==== RECORDS SUPPLIED

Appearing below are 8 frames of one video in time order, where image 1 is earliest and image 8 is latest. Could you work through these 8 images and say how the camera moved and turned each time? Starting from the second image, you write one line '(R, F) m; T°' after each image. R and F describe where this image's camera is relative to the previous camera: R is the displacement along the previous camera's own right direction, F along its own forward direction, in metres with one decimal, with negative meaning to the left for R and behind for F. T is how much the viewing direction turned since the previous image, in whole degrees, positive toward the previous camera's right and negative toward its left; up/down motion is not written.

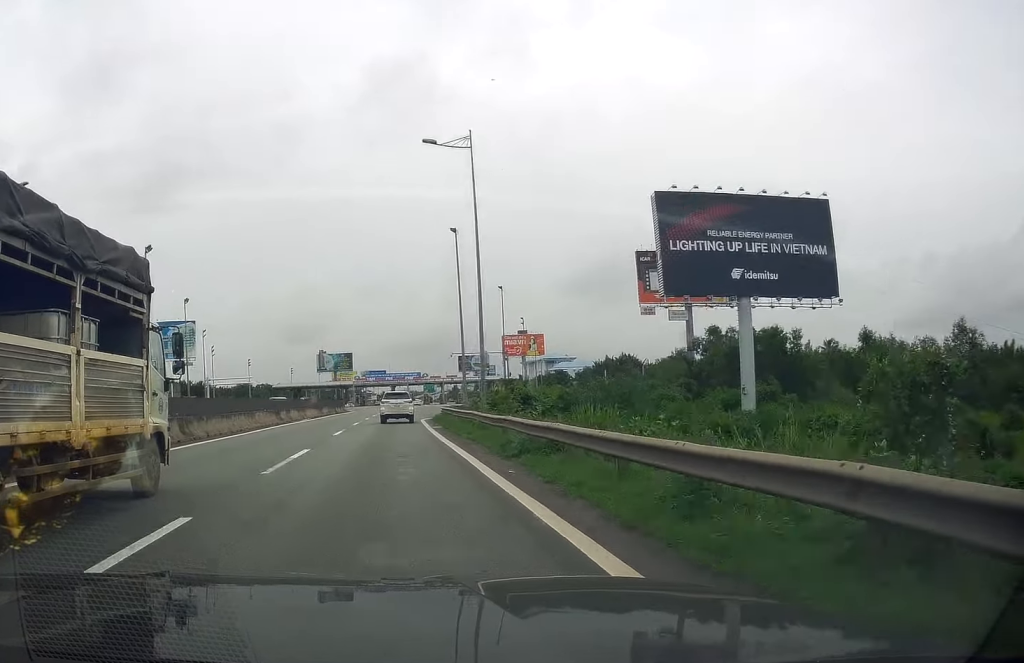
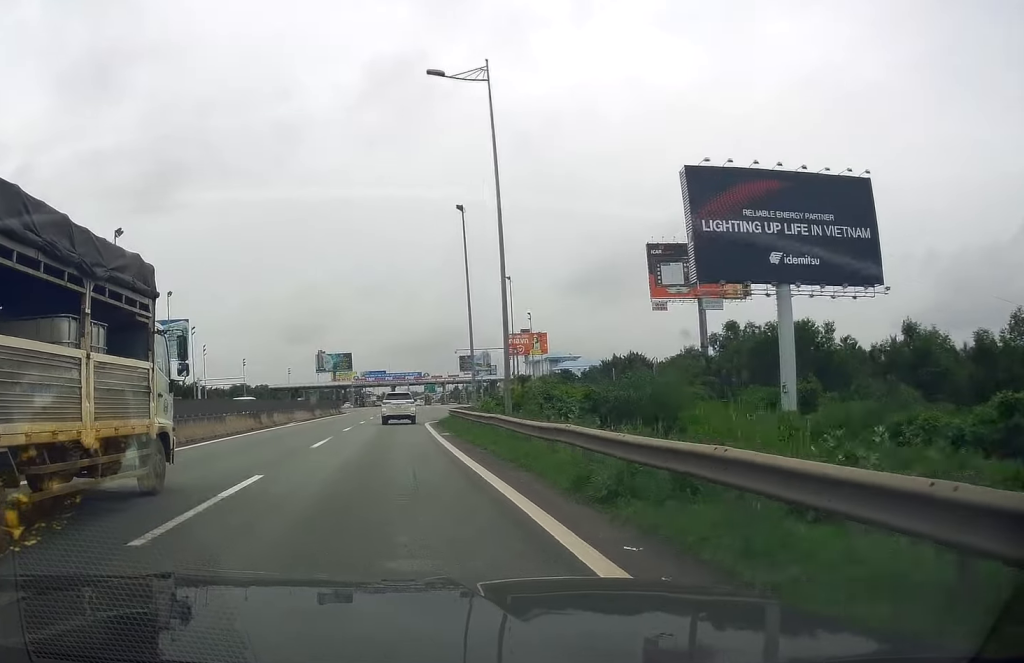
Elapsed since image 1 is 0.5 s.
(0.0, +7.1) m; 0°
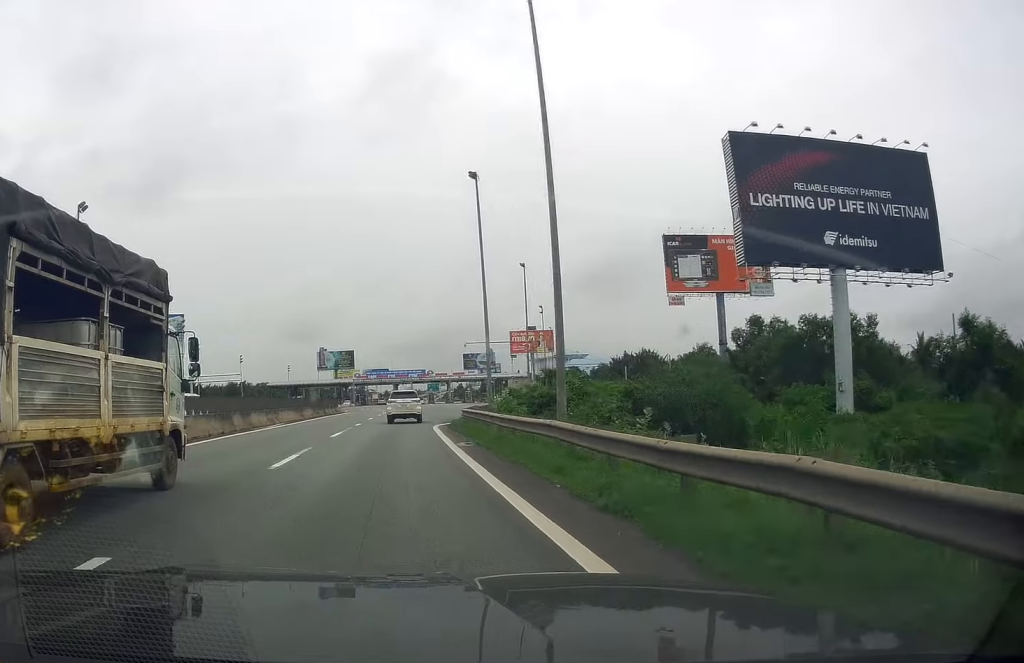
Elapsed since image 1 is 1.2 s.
(0.0, +8.0) m; -1°
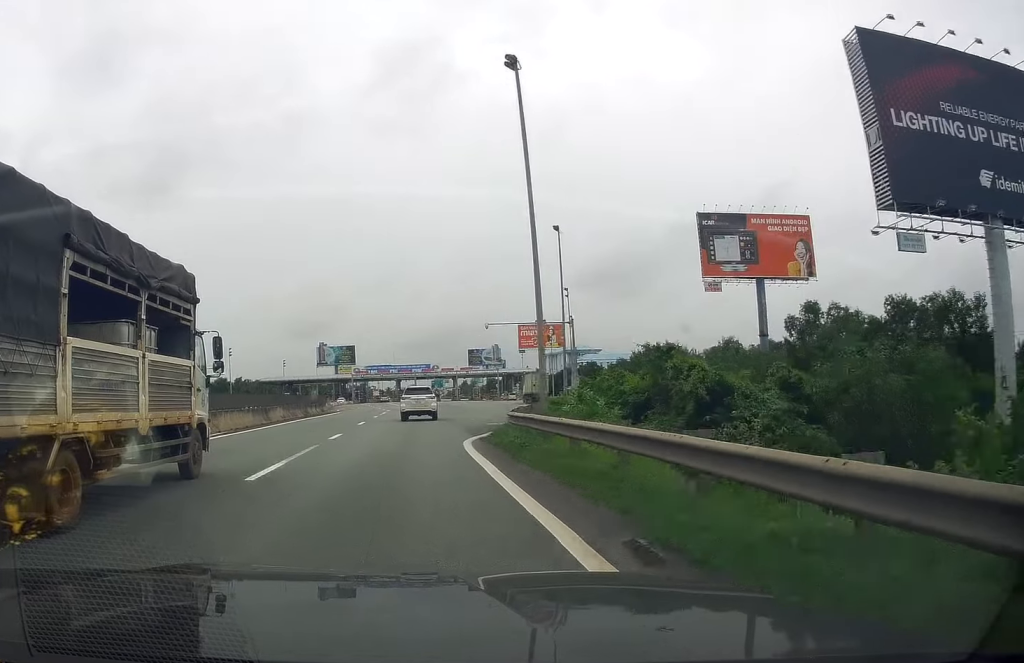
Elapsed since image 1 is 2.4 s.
(-0.3, +15.1) m; -2°
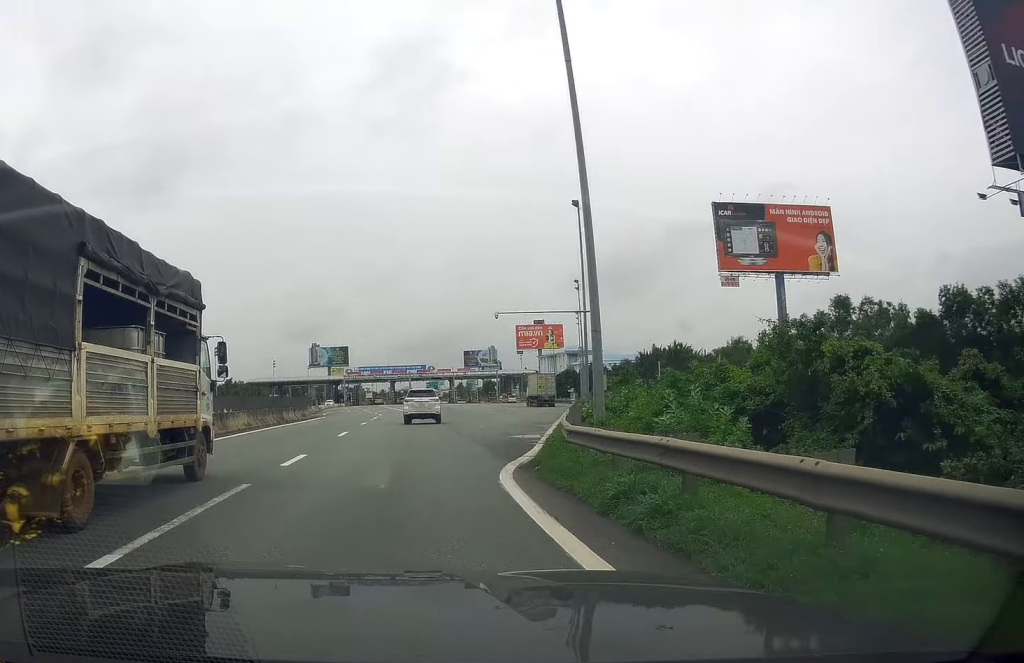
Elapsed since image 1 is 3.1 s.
(-0.2, +8.7) m; 0°
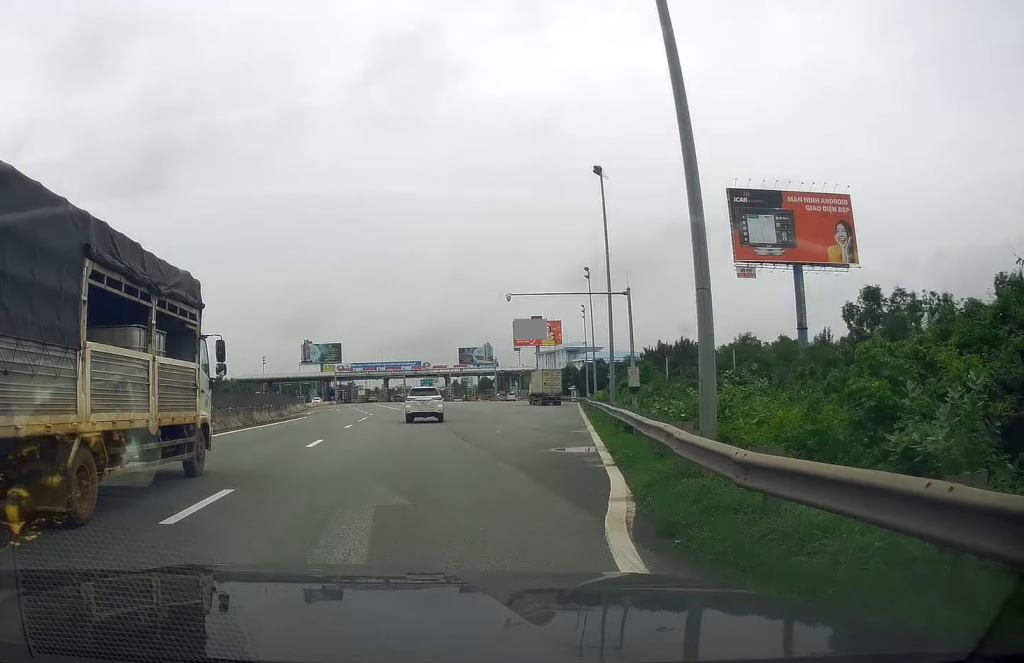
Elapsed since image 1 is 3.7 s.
(+0.3, +7.2) m; +1°
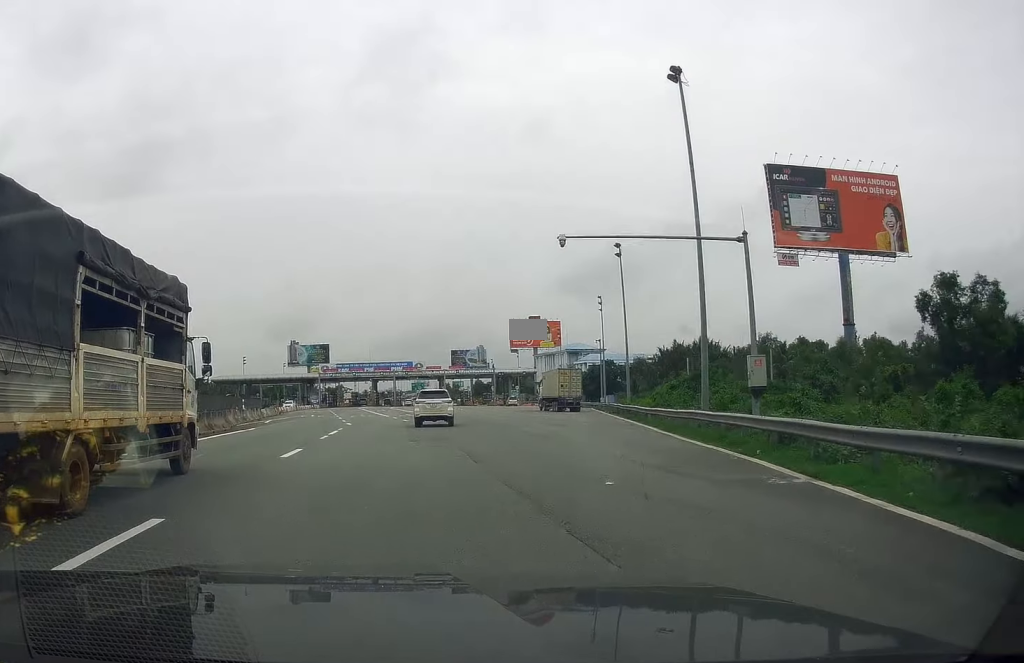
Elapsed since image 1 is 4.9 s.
(-0.1, +14.9) m; -1°
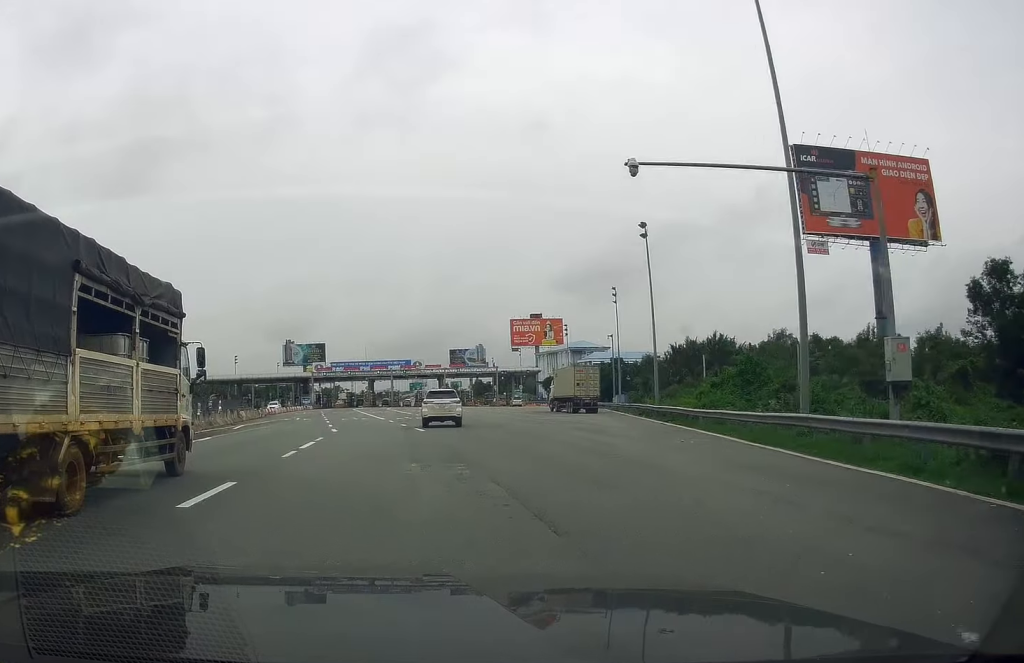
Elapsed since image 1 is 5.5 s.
(0.0, +7.6) m; +1°

========

ABOUT THIS TASK:
Could you write out exactly the lines running from the one with "Elapsed since image 1 is 0.5 s." through the last line of the data above, both ends kept, and omit any picture?

OUTPUT FOR THIS EXERCISE:
Elapsed since image 1 is 0.5 s.
(0.0, +7.1) m; 0°
Elapsed since image 1 is 1.2 s.
(0.0, +8.0) m; -1°
Elapsed since image 1 is 2.4 s.
(-0.3, +15.1) m; -2°
Elapsed since image 1 is 3.1 s.
(-0.2, +8.7) m; 0°
Elapsed since image 1 is 3.7 s.
(+0.3, +7.2) m; +1°
Elapsed since image 1 is 4.9 s.
(-0.1, +14.9) m; -1°
Elapsed since image 1 is 5.5 s.
(0.0, +7.6) m; +1°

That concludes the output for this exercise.